박서현 2022. 2. 24. 11:19

파이토치를 활용해 딥러닝 모델을 처음 학습해보았다. 처음이다보니 간단한 버그부터 현재는 정확히 이해하고 해결하지 못할 버그까지 다양한 문제와 맞닥뜨렸다. 나중을 위해서라도 최대한 모든 문제를 정리해보려고 한다. 기본적으로는 버그(에러문) >> 문제해결방안 형식이다.

ValueError: Unknown resampling filter (256). Use Image.NEAREST (0), Image.LANCZOS (1), Image.BILINEAR (2), Image.BICUBIC (3), Image.BOX (4) or Image.HAMMING (5)
>>> transfroms.Resize((h, w))에 원하는 사이즈를 첫번째 인자에 튜플 형태로 넣어야 한다. 두번째 인자는 보간법과 관련이 있는데, 튜플을 정확하게 넣지 않고, h와 w가 두 개의 인자로 인식되면 위와 같은 에러가 발생한다.

segmentation 학습을 위해 데이터 개수를 꼭 늘려야 하나? 왜 Pytorch Augmentation은 샘플 수를 늘리지는 않는가?
>>> But the greater question is what are you trying to accomplish with transformations? If you just want more random samples then train your networks for a longer number of epochs. Every epoch your dataset will be transformed differently (since you have random transformations there) so you’ll get a fresh set of 150 images for your network to chew on.

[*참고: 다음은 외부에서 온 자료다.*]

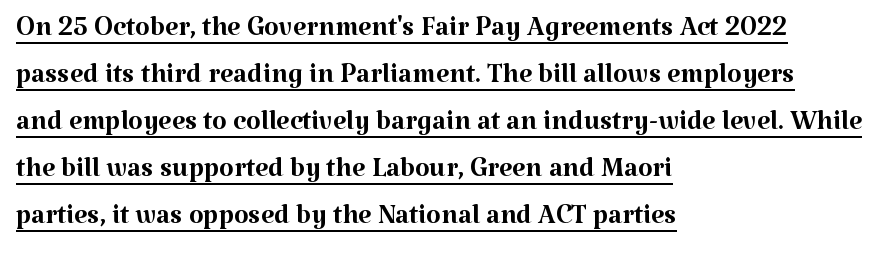
Old-style or modern, the face here clearly has serifs. The lines are quadded left. The rendering keeps characters at their native spacing. This is roman type, the default non-slanted kind.
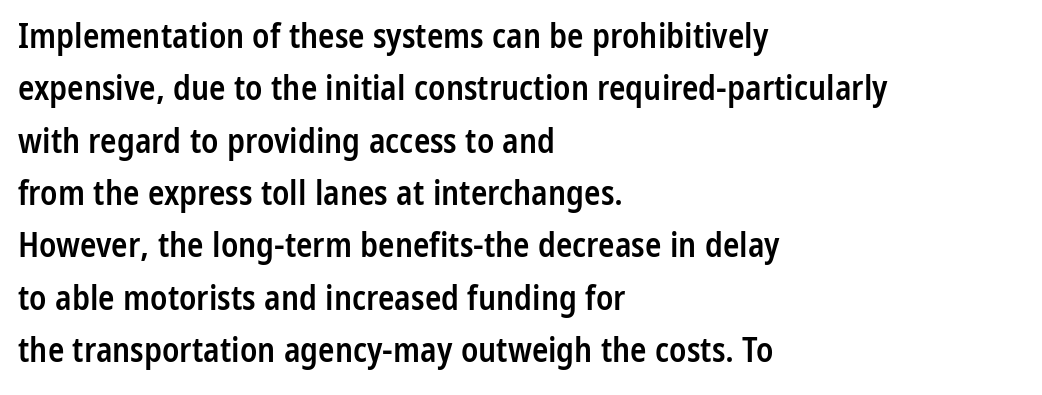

multiclass segmentation에서 레이블링
>>> https://discuss.pytorch.org/t/multiclass-segmentation/54065/2
>>> https://discuss.pytorch.org/t/error-in-python-s-multiprocessing-library/31355/6

cv2는 내부적으로 ndarray를 이용한다.
albumentation를 이용할 때, image, mask, keypoint를 변형할 수 있다. 이때 cv2.fillPoly -> Transform 순서로 mask 이미지를 얻는 경우 폴리곤의 변이 계단모양으로 보인다. 따라서 Transform -> image, polygonpoints -> cv2.fillPoly 순서로 mask 이미지를 얻는 경우 이러현 현상을 피할 수 있다.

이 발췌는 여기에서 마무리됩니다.